Learning to Become a Tech Entrepreneur

Note: this is a post of how I took Technology Entrepreneurship Stanford Venture Lab course by Chuck Eesley  back in May 2013. 

Technology entrepreneurship is definitely not something that you can learn from reading books, however if you are looking to make a career loop from corporation to a startup, educational courses can give you guidelines which make a transition more smoothly.

This was exactly my case, when after 3 years of career in investment companies and hundreds of startups analyzed as potential investment opportunities, I wanted to gain more operational experience from a startup side.

By this time I already knew a lot about Lean Entrepreneurship and various startup business models, but this knowledge was mostly theoretical, gained from books and lectures, thus I was looking to add more practice to it without quitting from a job.

2-month Tech Entrepreneurship MOOC seemed like a perfect fit with practical assignments, best practice course syllabus, high-quality professor, and global students scale.

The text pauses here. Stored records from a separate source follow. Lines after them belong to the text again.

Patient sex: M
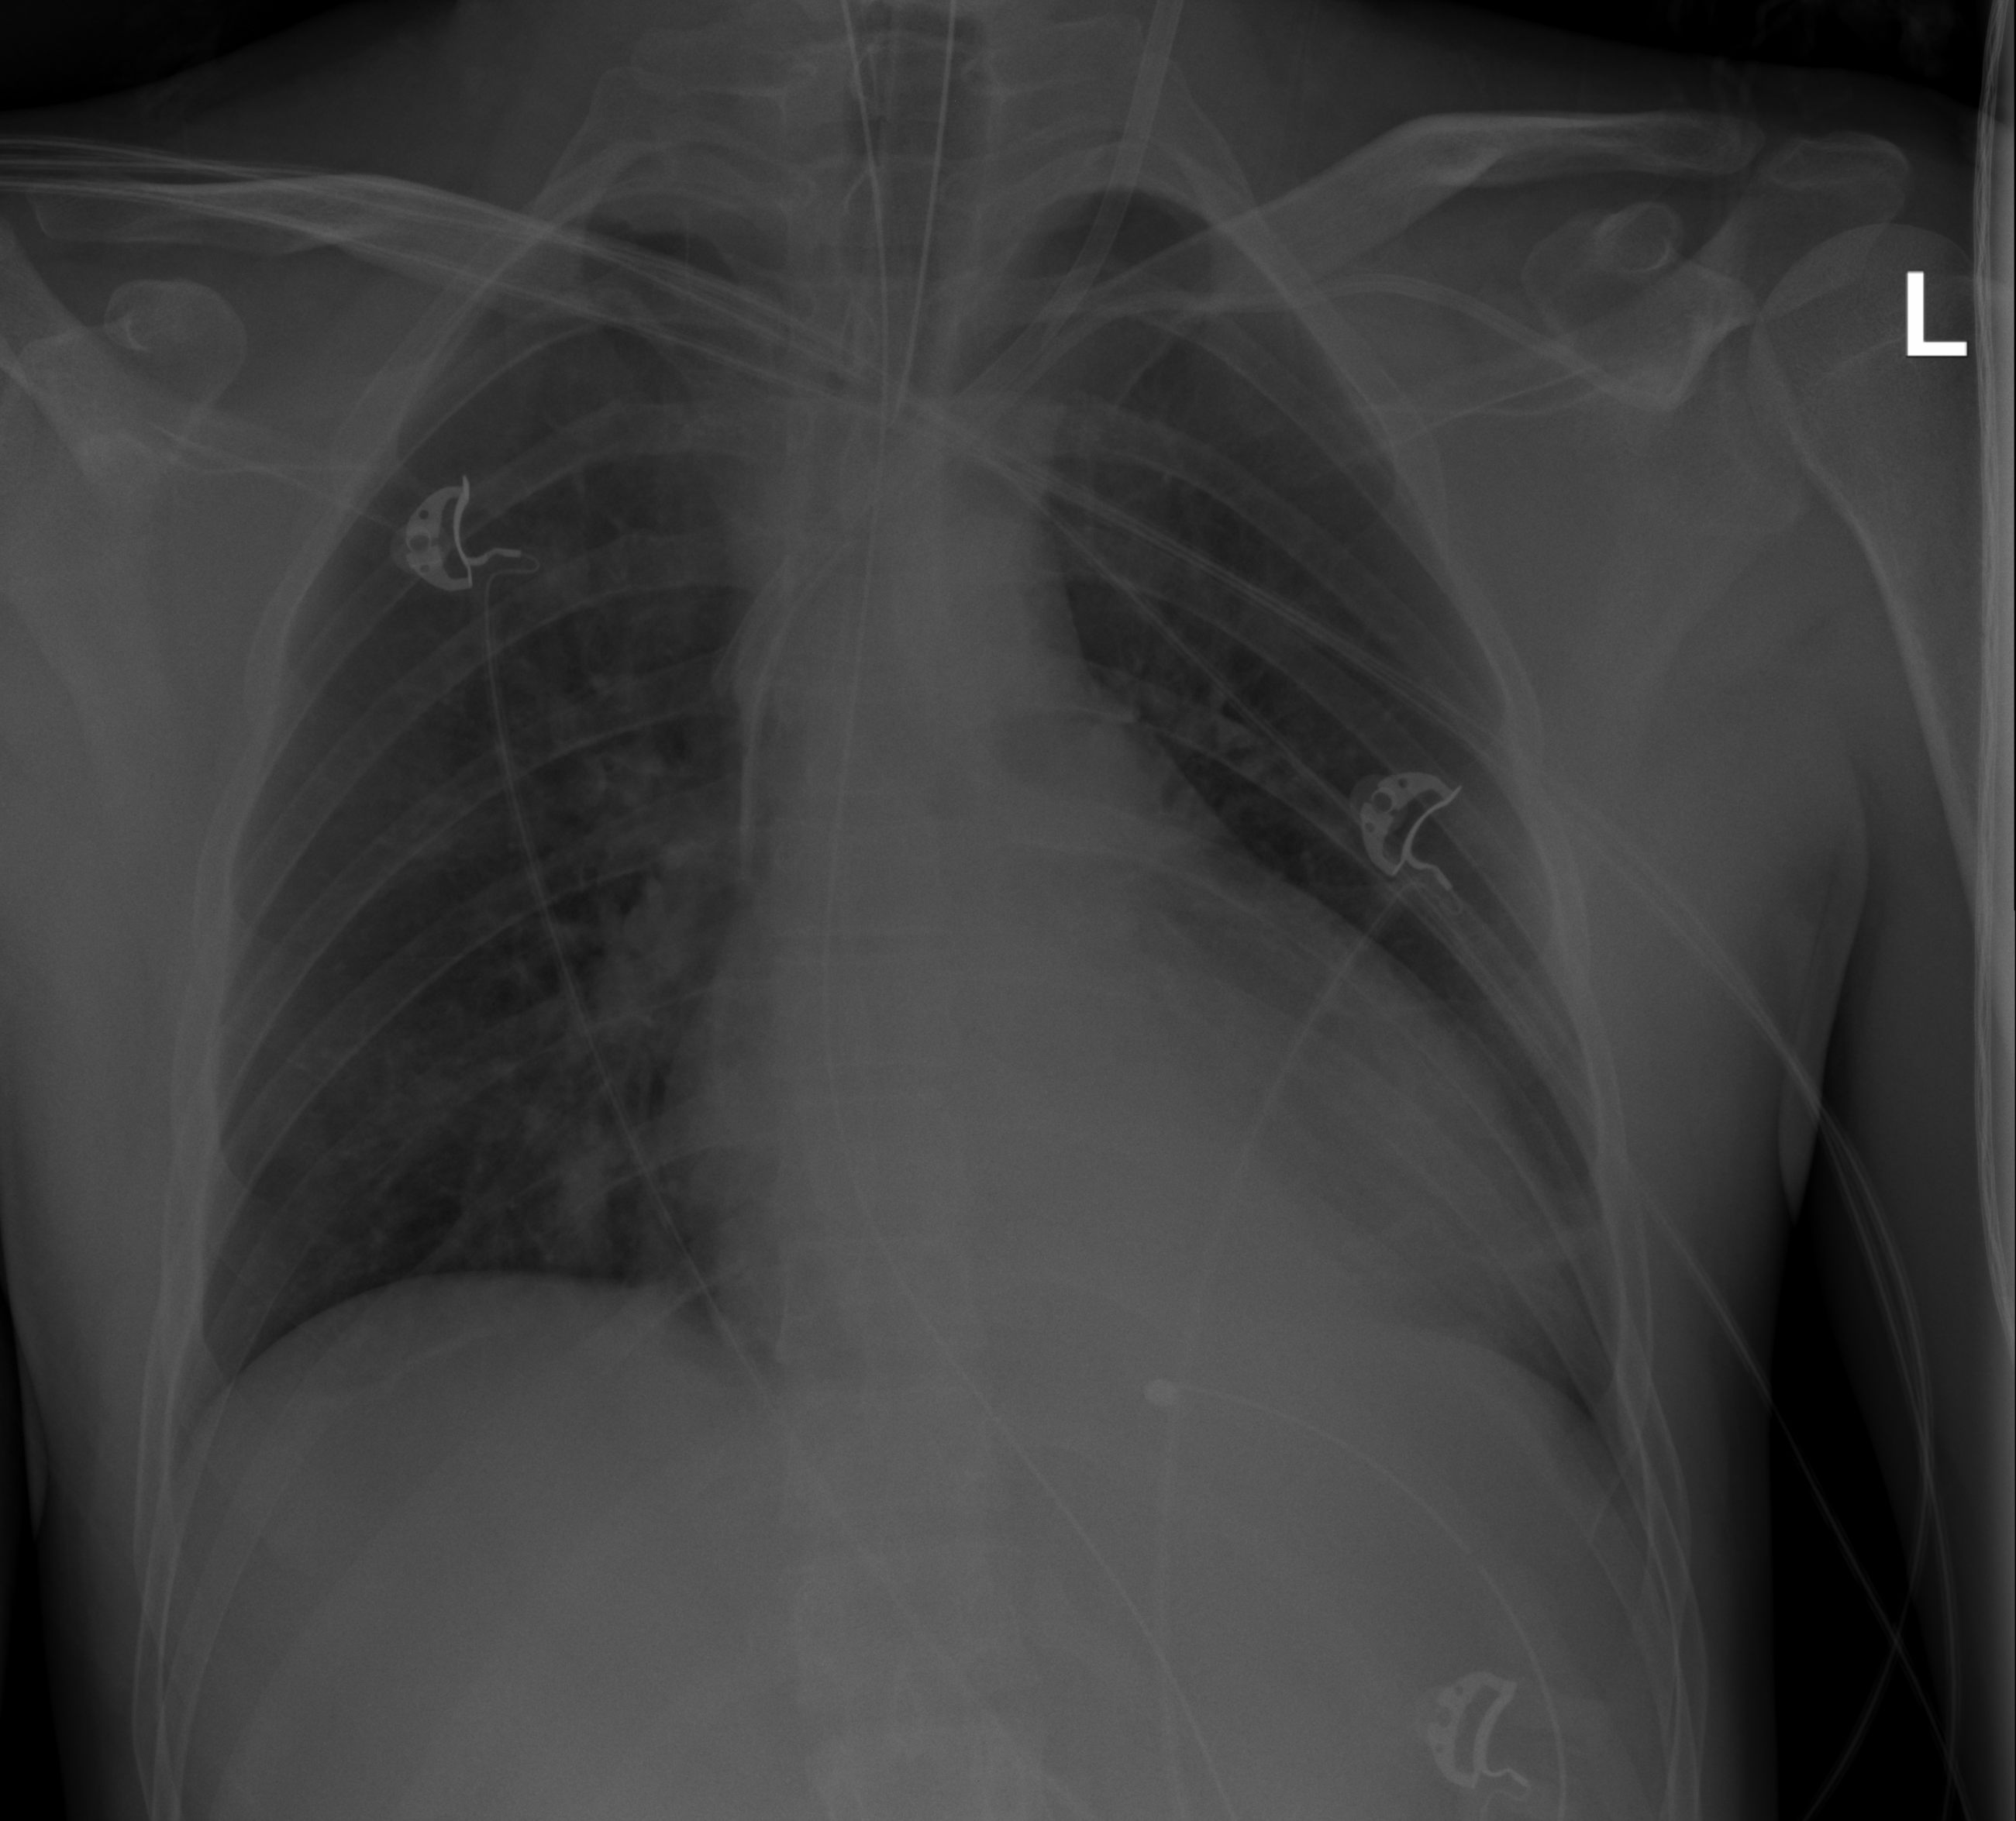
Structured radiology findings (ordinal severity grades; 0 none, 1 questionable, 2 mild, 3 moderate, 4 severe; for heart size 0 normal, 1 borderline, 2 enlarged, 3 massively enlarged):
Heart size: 0
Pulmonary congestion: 0
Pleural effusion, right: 0
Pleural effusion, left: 0
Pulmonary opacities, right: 2
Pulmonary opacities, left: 3
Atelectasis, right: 2
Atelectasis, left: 2

From the beginning of the course, I’ve started actively taking part in forum discussions and communicating with students and organized several local meet-ups in order to find the right team for a project. By the time of submitting a first team assignment, I already had a technical co-founder and was getting a feedback from students during the whole course.

Our idea of the project “Bemy.co” got into the top-list for all of the assignments, mainly because we were actively implementing the concept of “getting out of the building”, gathering lots of feedback from the course students and running potential customer interviews in the public places of Moscow.  We were also constantly making changes in the original business model canvas from the lessons we’ve learned during the process of customer development. Our final opportunity assessment project showed that the concept was sustainable, however monetization for it was yet to be proved. 

Summing up a course was a great experience which gave a feeling of sleepless nights and fighting about the idea with co-founder, being able to acknowledge mistakes and change the concept quickly, taking customer as a king and learning from them. In addition to it I’ve broadened my knowledge of the market and got to know useful online sources for building a startup.

Finally, I’ve got my statement of accomplishment:


P.S. The course was a beginning of my path to becoming a tech entrepreneur, which finally led me to a business development role at a startup. Though I haven’t actually become one right after it, I was able to make a more conscious decision whether I want to become her one day.